The expected answer is the full listing, repeated exactly and free of images.

**** Information provided ****

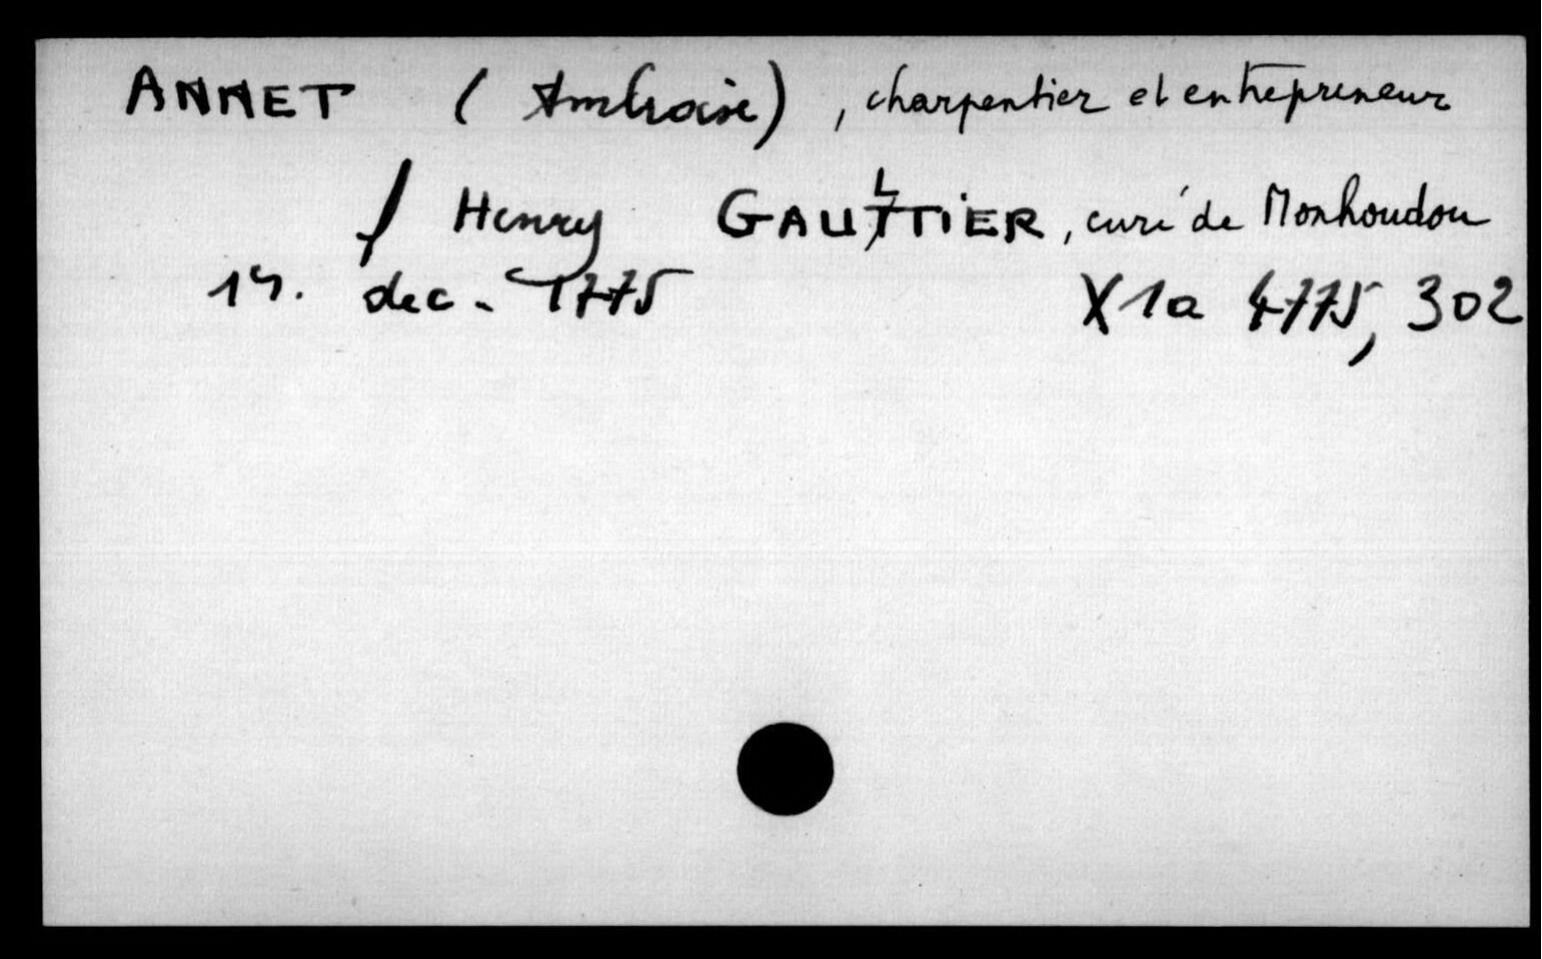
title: ANNET (Ambroise), charpentier et entrepreneur
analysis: Contre Henry GAULTIER, curé de Monhoudou
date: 1er décembre 1775
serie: X1a
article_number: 4775
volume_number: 302

****

#### Answer to the exercise
title: ANNET (Ambroise), charpentier et entrepreneur
analysis: Contre Henry GAULTIER, curé de Monhoudou
date: 1er décembre 1775
serie: X1a
article_number: 4775
volume_number: 302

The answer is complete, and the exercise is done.